On a non-zero exit the engine's terminal stderr JSON carries a reason; for exit 1 it disambiguates the cause:

reason	exit	meaning	what to do
`needs_reauth`	1	session cookie missing or expired	tell the user to run `gpt-pro-relay login` on macmini
`model_select_failed`	1	couldn't get Pro selected in the picker	selectors drifted; surface `run_dir` to the user
`reasoning_mismatch`	1	Extended Pro chip absent after model select	same — selectors drifted
`worker_exception`	1	Python exception in the worker	inspect `run_dir/worker.stderr` (structured stage trace) — the last `stage` before the error tells you where it died
`timeout`	3	no completion within 60 min	inspect `run_dir/streaming-*.png`
`run_id_conflict`	2	reattach id collided with a different run	pick a fresh run (drop `--run-id`)

Run artifacts

run_dir lives on macmini at ~/.gpt-pro/runs/<run_id>/:

prompt.md, response.md, meta.json, result.json
pre-send.png, streaming-NNN.png, final.png, error-*.png
final.html, network.json
worker.stdout — detached worker's stdout (usually empty)
worker.stderr — structured JSONL stage trace: one line per stage (start, slot_queued/slot_acquired, chrome_cdp_ready/chrome_connected/chrome_activated, logged_in, model_verified, prompt_typed, sent, extracted, finished, plus error / orphan_kill_* / *_skipped). When something fails mid-run, this is the fastest path to the failure point — the last stage before the error line tells you where it died.

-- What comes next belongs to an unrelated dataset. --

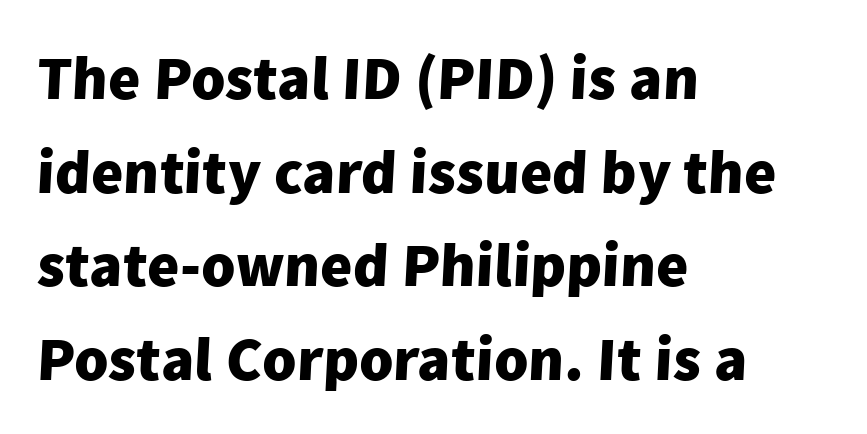
{"serif": "no", "bold": "yes", "weight": "heavy", "width": "normal", "stroke_contrast": "low", "x_height": "medium", "monospaced": "no", "underline": "no", "align": "left", "line_spacing": "normal", "line_spacing_ratio": 1.51, "letter_spacing": "normal", "letter_spacing_em": 0.0, "glyph_px": 62}

Reach for them via ssh macmini cat <run_dir>/<file> or ssh macmini ls <run_dir> when diagnosing.

When gpt-pro-relay fits

Situation	Verdict
Pro Extended reasoning, from any machine with SSH to macmini	Yes
Tolerating a flaky network on a 5–20 min reasoning run	Yes — `gpt-pro` polls through drops without intervention
Driving your local live Chrome with any model + effort	Use a local Chrome-driving skill instead
Multi-turn follow-ups in the same chat	Doesn't fit — gpt-pro is one-shot per invocation

Multi-turn

gpt-pro is one-shot per invocation — every call is a fresh ChatGPT conversation. To continue a thread, paste the prior response into the next prompt yourself. The dedicated profile retains login but does not persist conversation context across calls.